Donald Trump acusou Hillary Clinton de estar sob efeito de drogas no último debate presidencial, que decorreu no domingo passado em St. Louis, no Missouri (EUA).

O próximo encontro entre os dois candidatos está marcado para a noite de 19 de outubro (próxima quarta-feira), e Donald Trump desafia a adversária democrata a fazer um teste de despiste de drogas antes do último dos três debates televisivos desta campanha, disponibilizando-se ele próprio para fazer o mesmo teste. “Os atletas são obrigados a fazer um teste de drogas. Acho que devíamos fazer um teste desses antes do debate. Porque é que não fazemos isso?”, atirou Trump, durante um comício no sábado em Portsmouth, New Hampshire. “Não sei o que se passa com ela: no início do último debate, estava toda acelerada e, no fim, já pedia 'Levem-me até lá abaixo', mal conseguiu chegar ao seu carro”, acrescentou. Esse segundo encontro, que vários media classificaram como “sórdido”, dado o teor das acusações que os dois candidatos trocaram, foi o primeiro em formato “town hall”.

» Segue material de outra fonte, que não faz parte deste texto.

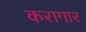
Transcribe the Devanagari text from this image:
करागार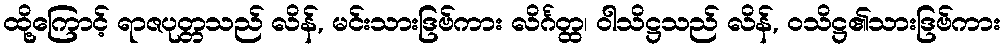
ထို့ကြောင့် ရာဇပုတ္တသည် လိန်, မင်းသားဒြဗ်ကား လိင်္ဂတ္ထ၊ ဝါသိဋ္ဌသည် လိန်, ဝသိဋ္ဌ၏သားဒြဗ်ကား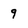
Character: 9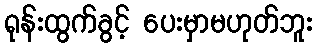
ရုန်းထွက်ခွင့် ပေးမှာမဟုတ်ဘူး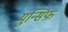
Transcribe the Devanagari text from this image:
मुन्सिफ़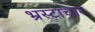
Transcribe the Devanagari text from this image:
भ्रस्टाचार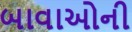
બાવાઓની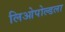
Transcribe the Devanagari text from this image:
लिओपोल्डला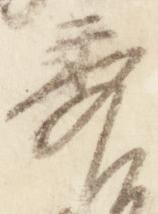
秀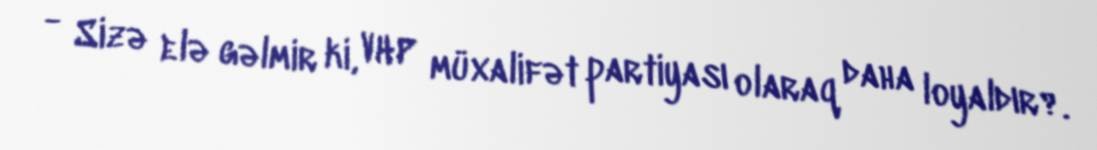
- Sizə elə gəlmir ki, VHP müxalifət partiyası olaraq daha loyaldır?.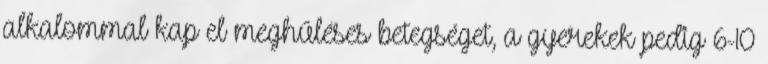
alkalommal kap el meghűléses betegséget, a gyerekek pedig 6-10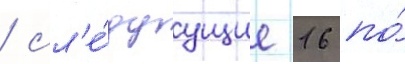
/ сл'е́дуущие 16 по́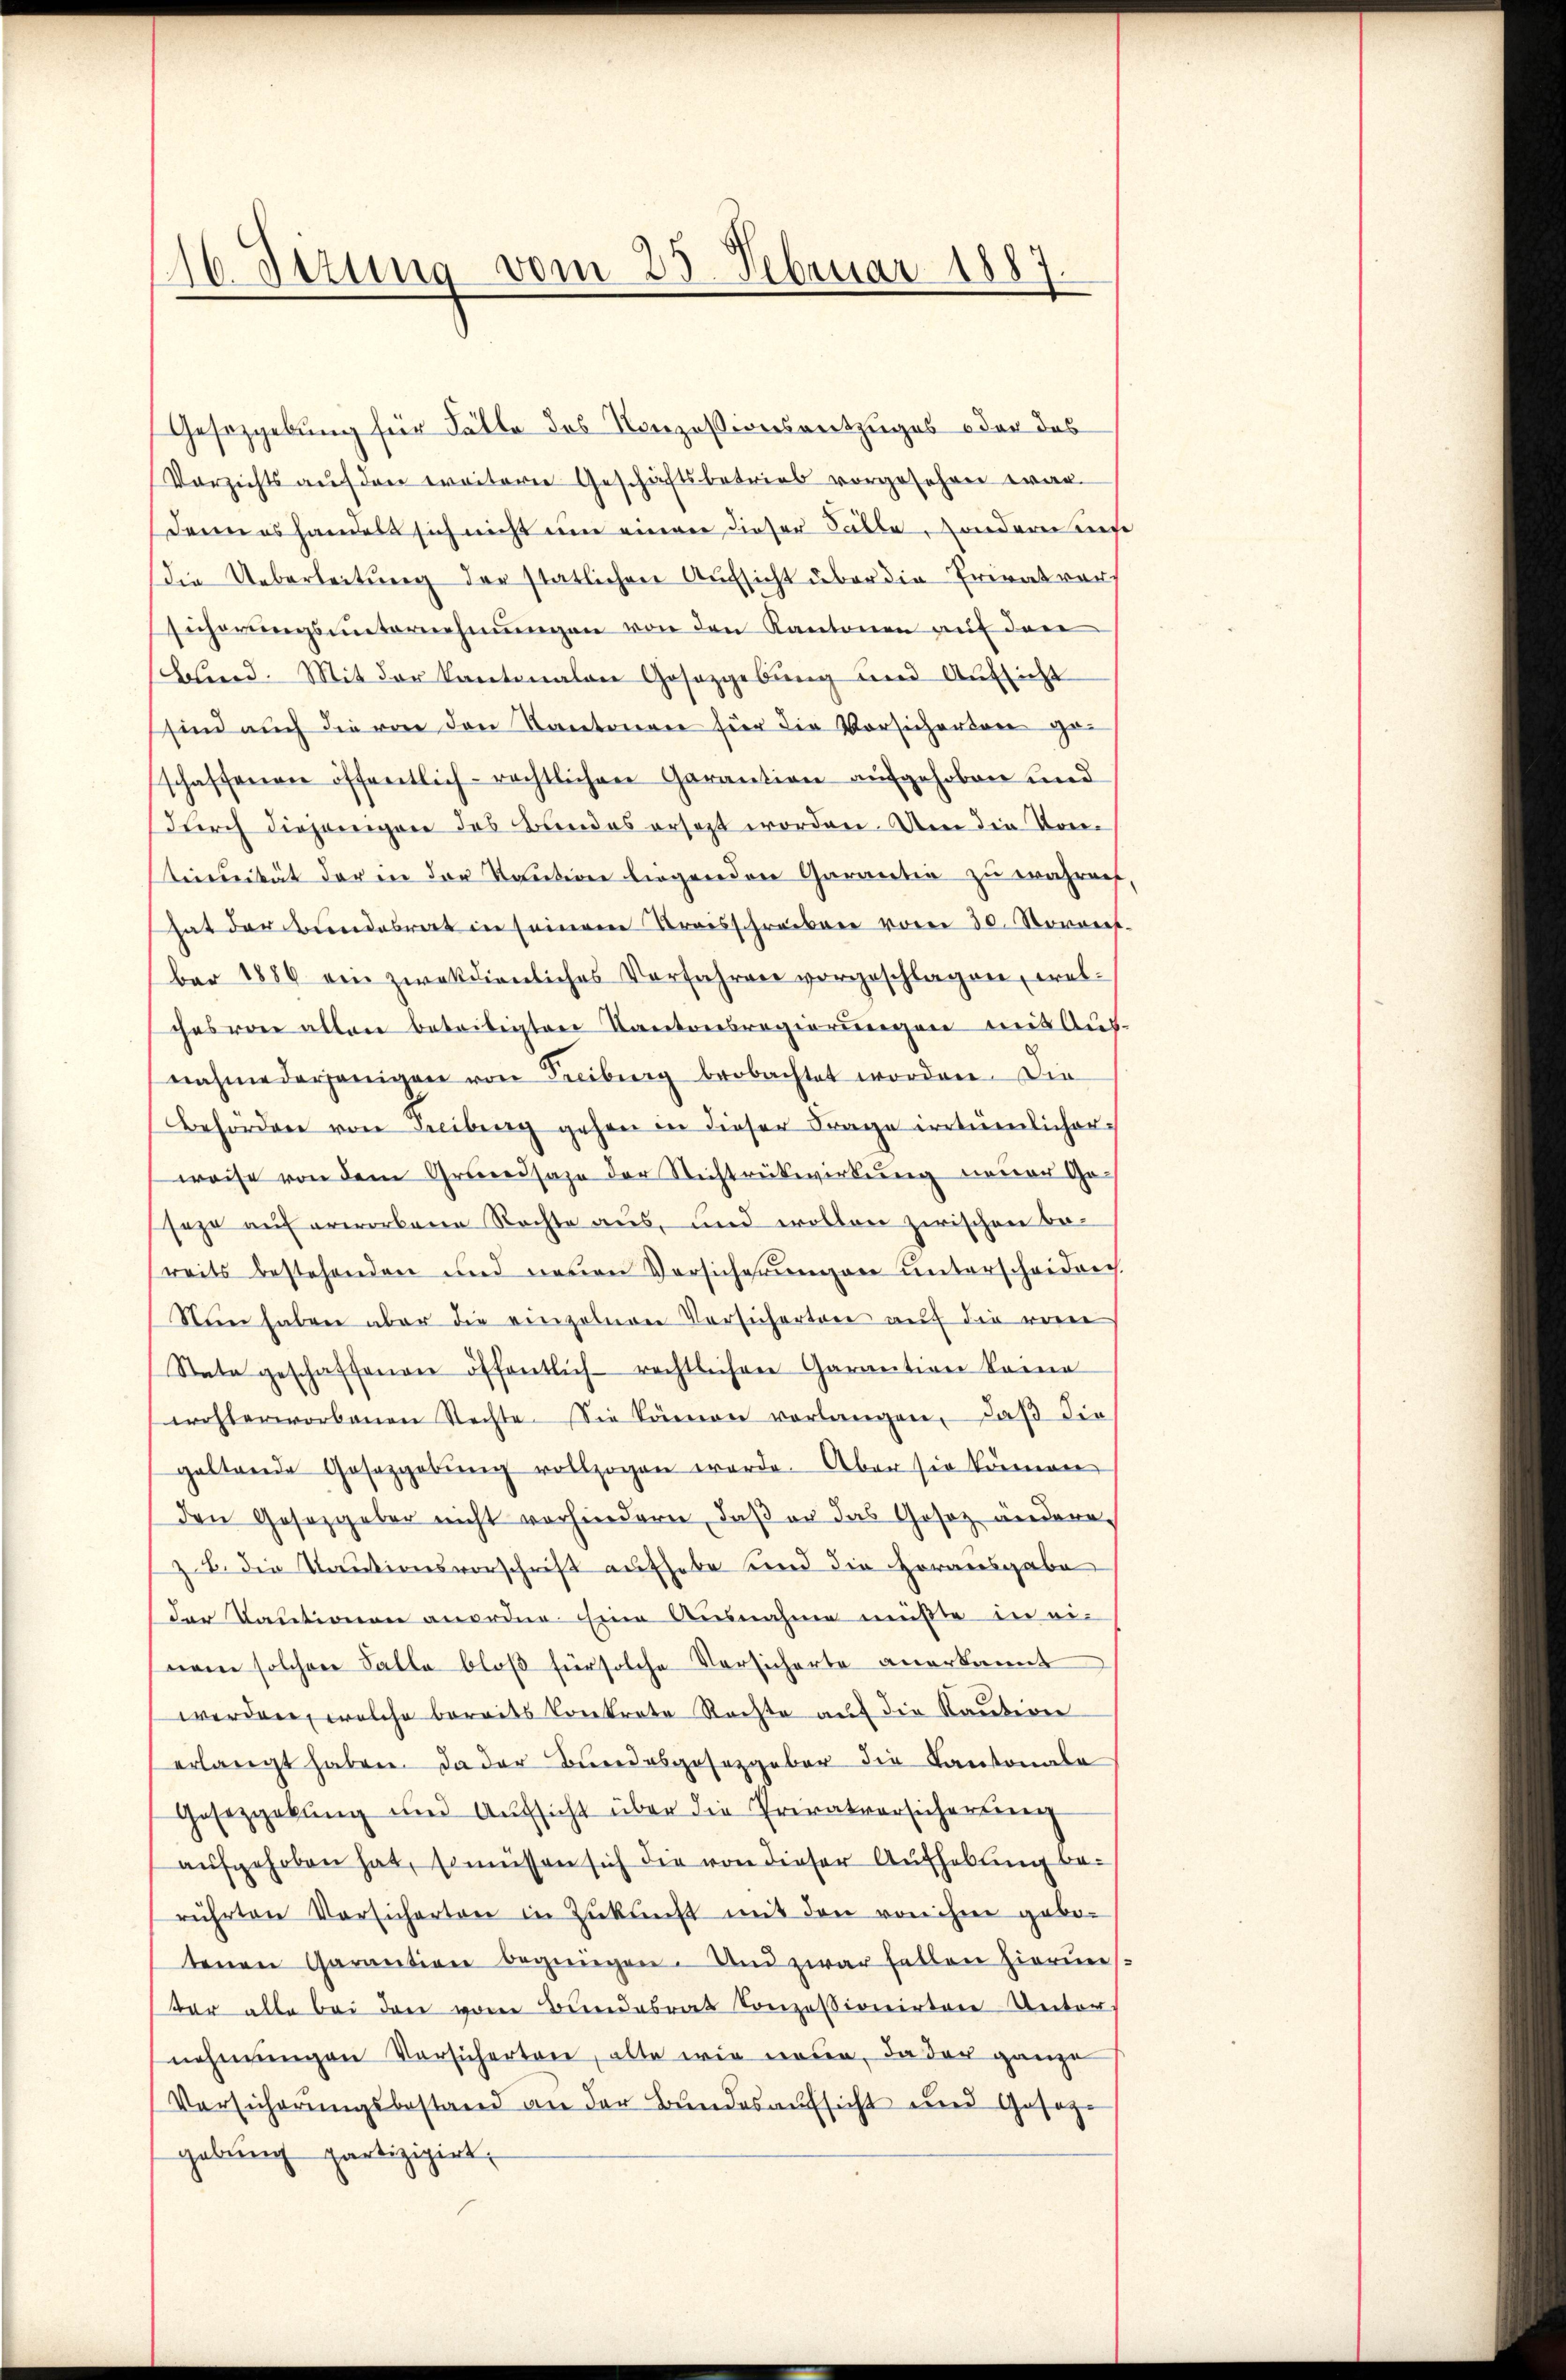
16. Jezung vom 23. Februar 1887

Gesetzgebung für Fälle des Konzessionsentzuges oder das
Verzichts auf den weiterer Geschäftsbetrieb vorgesehen war.
Denn es handels sich nicht eine einer dieser Fälle sonderen diese
die Ueberleitung der statlichen Aufsicht über die Erwätvers
führungsunternehmungen von den Kantonen auf den
Wind. Mit der Kantonalen Gosazgebung und Aufsicht
sind auch die von den Kantonen für die Vorsichenten geschaffenen öffentlich-rechtlichen Garantion aufgehoben und
durch diejenigere des Bundes ersetzt worden. Um die Kon-
Stirnität der in der Kaution liegenden Garantia zu währen
hat der Beendesrat in seinem Kreisschreiben vom 30. Vorort.
ber 1886 ein zweckdienliches Verfahren vorgeschlagen, welches von allen beteiligten Kantonsregierungen mit Aus-
nahme derjenigen von Freiburg beobachtet worden. Die
Behörden von Freiburg gehen in dieser Frage irrtümlicher-
weise von dem Grundsaze der Stichtrükwirkung neuer Ge-
seze auf erworbene Rechte aus, und wollen zwischen bereits bestehenden und neuen Versicherŭngen unterscheiden.
Nun haben aber die einzelnen Versicherten auf die vorne
Stata geschaffenen öffentlich-rechtlichen Garantion keine
erchterworbenen Rechte. Sie kämen verlangen, daß die
geltende Gesazgabŭng vollzogen werde. Aber sie können
den Gesetzgeber nicht vorhindern, daß er das Gesez ändere
z.B. die Kautionsvorschrift aufhabe sind die Horausgabe
der Kautionen anordne. Eine Ausnahme müßte in eiwem solchen Falle bloß für solche Versicherte anerkannt
werden, welche bereits Contrete Rechte auf die Kaution
erlangt haben. Da der Bundesgesetzgeber die Kantonale
Gesetzgebung und Aufsicht über die Privatversicherung
aufgehoben hat, Er müssen sich die von dieser Aufhebung berührten Vorsicherten in Zŭkŭnft mit den von ihme gebo-
tenen Garantion begnügen. Und zwar fallen hierun
bar alle bei den vom Bundesrat Konzessionirten Unter-
nehmungen Versicherteie, alte wie nieden, da der ganze
Versicherungsbestand an der Bundesaufsicht und Gesetze
gebung partizigirt.

Depois de ter sido divulgada, pelo “Washington Post”, a gravação de 2005 em que se ouve Donald Trump dizer que não consegue evitar “beijar mulheres bonitas” e que, sendo “uma estrela”, pode fazer com elas o que quiser, o candidato republicano tem apostado os seus melhores trunfos para se manter à tona nesta corrida presidencial e evitar afastar-se ainda mais de Hillary nas sondagens. No comício em New Hampshire, Trump voltou a sugerir que a eleição está “viciada”. “A eleição está a ser viciada pela imprensa corrupta que publica acusações completamente falsas e mentiras descaradas, num esforço para a eleger Presidente”, disse, vociferando contra a “elite global” que se juntou a Hillary para “destruir a soberania dos Estados Unidos”.

Na quarta-feira, o “New York Times” publicou uma reportagem sobre duas mulheres que terão sido, alegadamente, vítimas de abusos de Donald Trump. As denúncias dizem respeito a um caso ocorrido há mais 30 anos, num avião - Trump terá apalpado a queixosa, poucos minutos após a descolagem e sem que os dois se conhecessem - e outro em 2015, num elevador - Rachel Crooks, a alegada vítima, conta que o candidato republicano a beijou na boca sem o seu consentimento.

Trump, obviamente, já veio desmentir todas as acusações. Um porta-voz da sua campanha considerou “ficção” o artigo do jornal norte-americano, a quem acusou de lançar “uma difamação coordenada e completamente falsa” contra o candidato à Casa Branca.